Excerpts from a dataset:
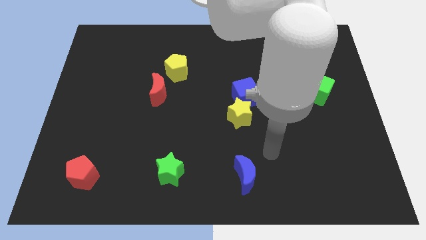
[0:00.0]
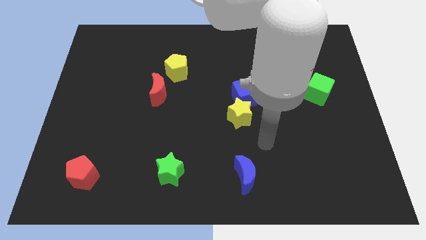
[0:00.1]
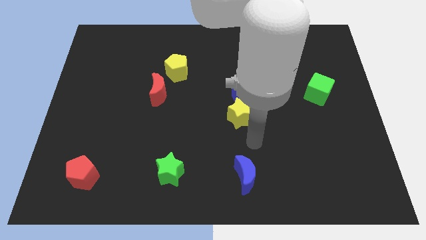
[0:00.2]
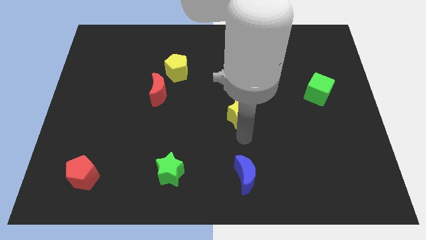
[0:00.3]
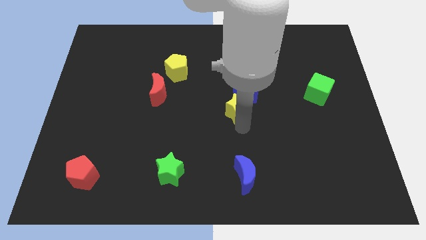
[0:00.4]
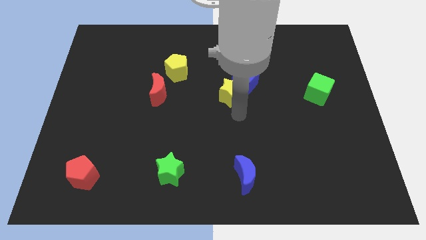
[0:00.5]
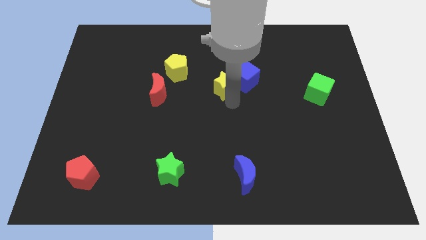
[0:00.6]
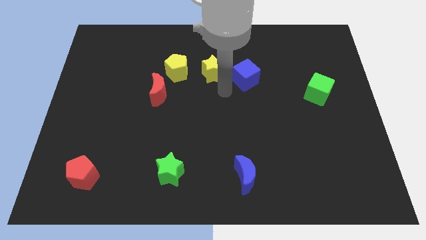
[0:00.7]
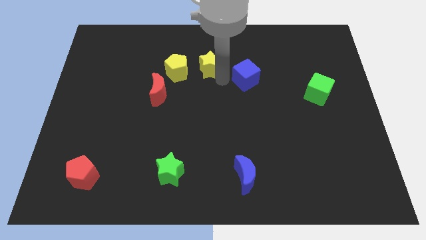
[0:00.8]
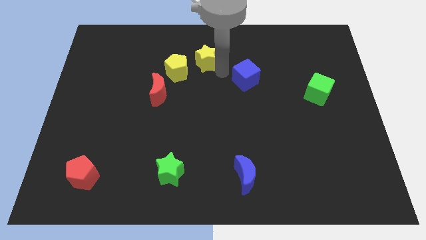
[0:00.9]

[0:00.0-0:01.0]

- What needs to be done -
The records above need to be given again exactly. Omit the pictures.

- Finished exercise -
[0:00.0]
[0:00.1]
[0:00.2]
[0:00.3]
[0:00.4]
[0:00.5]
[0:00.6]
[0:00.7]
[0:00.8]
[0:00.9]

[0:00.0-0:01.0]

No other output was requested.